START Dataset records
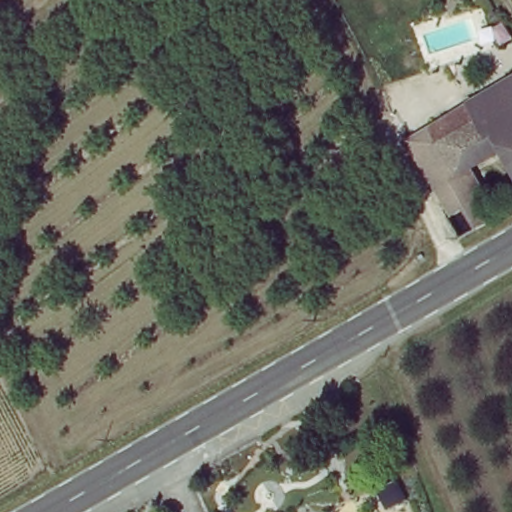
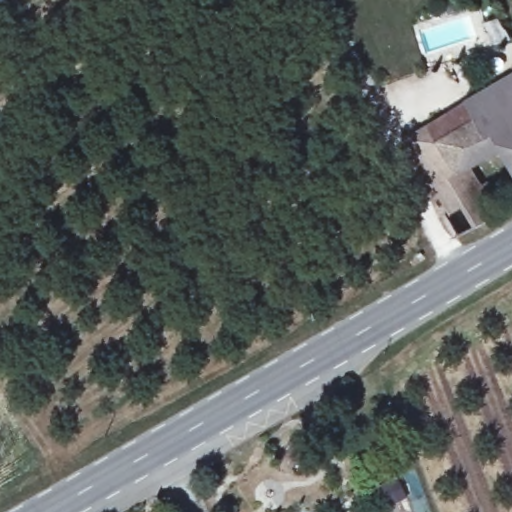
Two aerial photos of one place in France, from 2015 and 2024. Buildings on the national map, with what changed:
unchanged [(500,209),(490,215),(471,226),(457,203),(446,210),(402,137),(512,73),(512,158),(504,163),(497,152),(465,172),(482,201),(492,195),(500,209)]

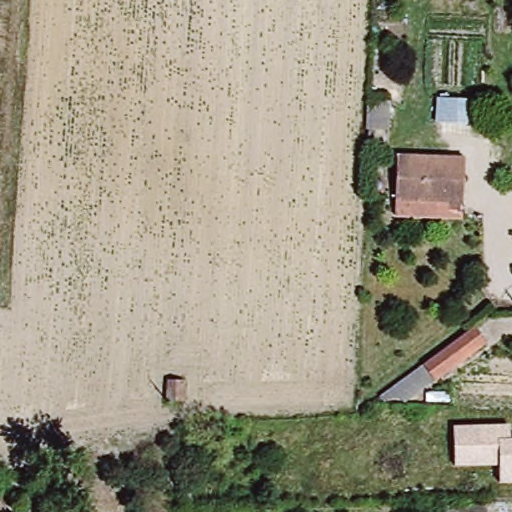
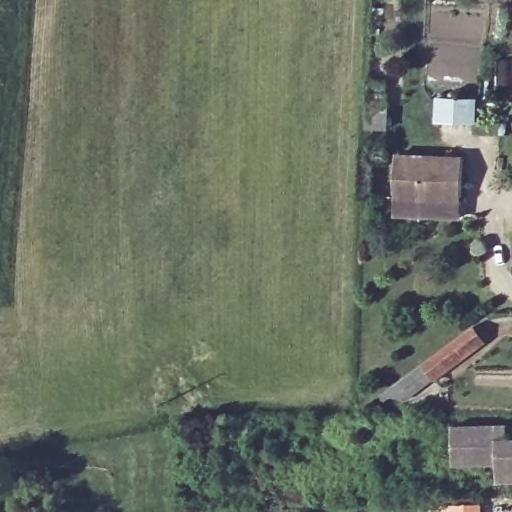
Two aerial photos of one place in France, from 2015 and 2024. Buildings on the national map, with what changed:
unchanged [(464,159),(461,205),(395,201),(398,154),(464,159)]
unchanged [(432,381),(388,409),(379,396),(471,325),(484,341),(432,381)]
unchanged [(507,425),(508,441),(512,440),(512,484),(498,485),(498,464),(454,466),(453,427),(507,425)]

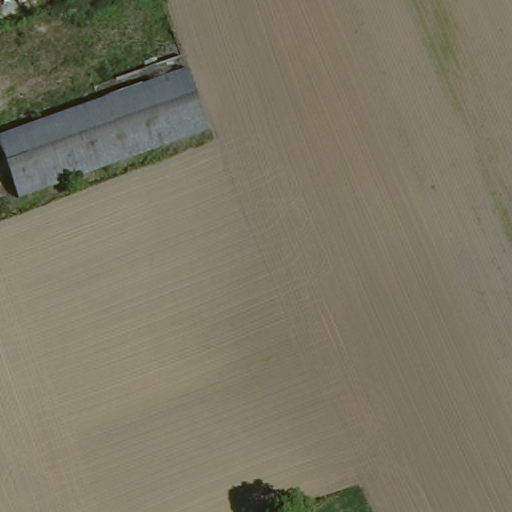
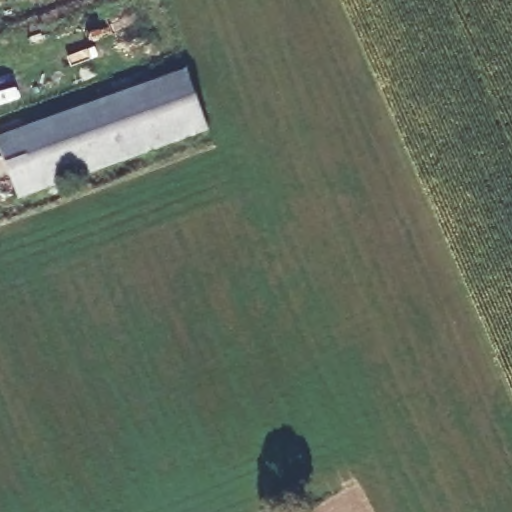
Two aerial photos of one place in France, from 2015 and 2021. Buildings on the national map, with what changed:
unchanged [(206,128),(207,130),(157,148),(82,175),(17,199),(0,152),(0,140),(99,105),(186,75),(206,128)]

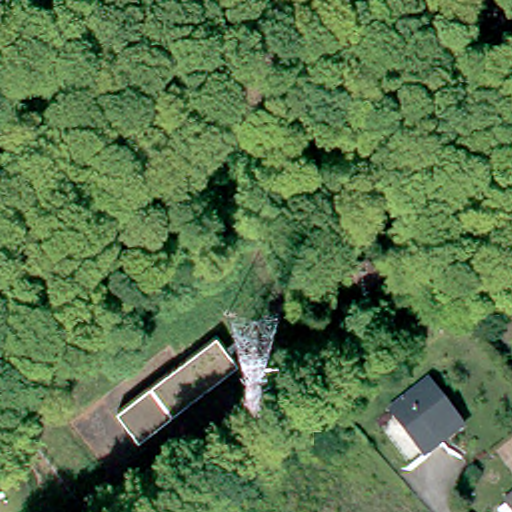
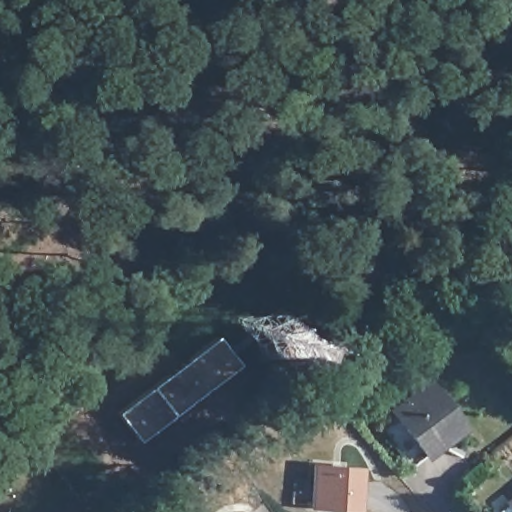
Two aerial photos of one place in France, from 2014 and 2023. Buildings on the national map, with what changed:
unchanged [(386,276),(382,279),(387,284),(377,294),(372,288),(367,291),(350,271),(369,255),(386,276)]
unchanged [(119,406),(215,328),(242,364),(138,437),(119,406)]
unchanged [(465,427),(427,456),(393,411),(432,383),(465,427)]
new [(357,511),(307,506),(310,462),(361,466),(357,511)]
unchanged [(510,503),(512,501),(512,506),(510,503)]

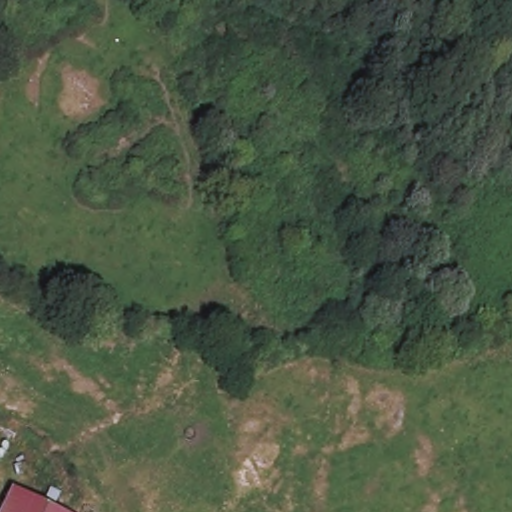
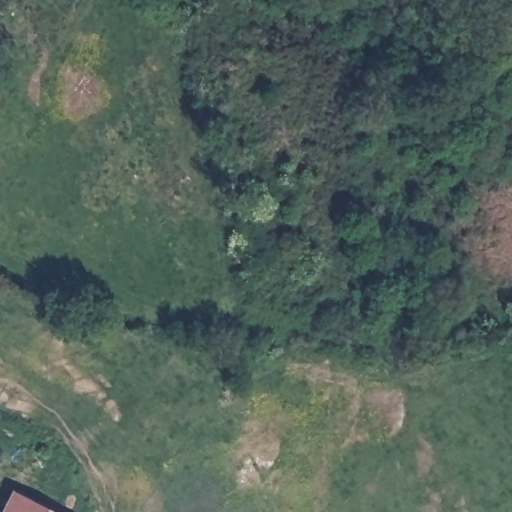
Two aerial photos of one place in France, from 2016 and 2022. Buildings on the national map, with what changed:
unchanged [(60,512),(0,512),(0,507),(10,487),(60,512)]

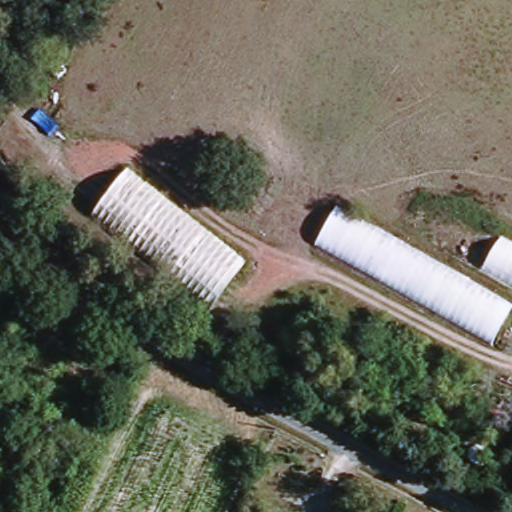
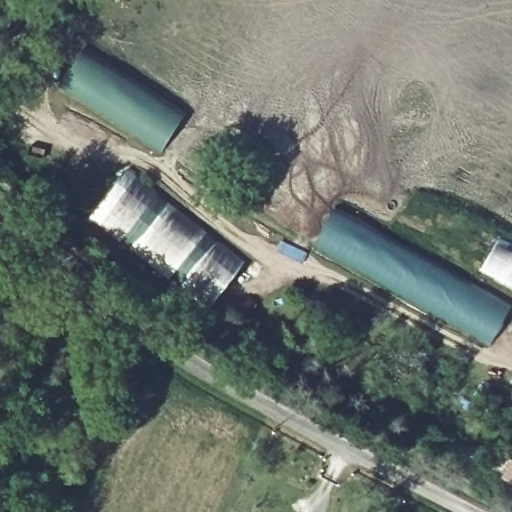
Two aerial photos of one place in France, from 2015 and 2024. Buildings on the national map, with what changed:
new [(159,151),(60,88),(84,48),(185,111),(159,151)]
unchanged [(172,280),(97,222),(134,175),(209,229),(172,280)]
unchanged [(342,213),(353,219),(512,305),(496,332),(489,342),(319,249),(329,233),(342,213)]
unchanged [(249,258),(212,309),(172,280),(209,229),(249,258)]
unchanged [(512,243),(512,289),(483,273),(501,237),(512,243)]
END Dataset records
## Work to be completed
Please write out all the data again word for word, but not the pictures.

## Written solution
Two aerial photos of one place in France, from 2015 and 2024. Buildings on the national map, with what changed:
unchanged [(500,209),(490,215),(471,226),(457,203),(446,210),(402,137),(512,73),(512,158),(504,163),(497,152),(465,172),(482,201),(492,195),(500,209)]

Two aerial photos of one place in France, from 2015 and 2024. Buildings on the national map, with what changed:
unchanged [(464,159),(461,205),(395,201),(398,154),(464,159)]
unchanged [(432,381),(388,409),(379,396),(471,325),(484,341),(432,381)]
unchanged [(507,425),(508,441),(512,440),(512,484),(498,485),(498,464),(454,466),(453,427),(507,425)]

Two aerial photos of one place in France, from 2015 and 2021. Buildings on the national map, with what changed:
unchanged [(206,128),(207,130),(157,148),(82,175),(17,199),(0,152),(0,140),(99,105),(186,75),(206,128)]

Two aerial photos of one place in France, from 2014 and 2023. Buildings on the national map, with what changed:
unchanged [(386,276),(382,279),(387,284),(377,294),(372,288),(367,291),(350,271),(369,255),(386,276)]
unchanged [(119,406),(215,328),(242,364),(138,437),(119,406)]
unchanged [(465,427),(427,456),(393,411),(432,383),(465,427)]
new [(357,511),(307,506),(310,462),(361,466),(357,511)]
unchanged [(510,503),(512,501),(512,506),(510,503)]

Two aerial photos of one place in France, from 2016 and 2022. Buildings on the national map, with what changed:
unchanged [(60,512),(0,512),(0,507),(10,487),(60,512)]

Two aerial photos of one place in France, from 2015 and 2024. Buildings on the national map, with what changed:
new [(159,151),(60,88),(84,48),(185,111),(159,151)]
unchanged [(172,280),(97,222),(134,175),(209,229),(172,280)]
unchanged [(342,213),(353,219),(512,305),(496,332),(489,342),(319,249),(329,233),(342,213)]
unchanged [(249,258),(212,309),(172,280),(209,229),(249,258)]
unchanged [(512,243),(512,289),(483,273),(501,237),(512,243)]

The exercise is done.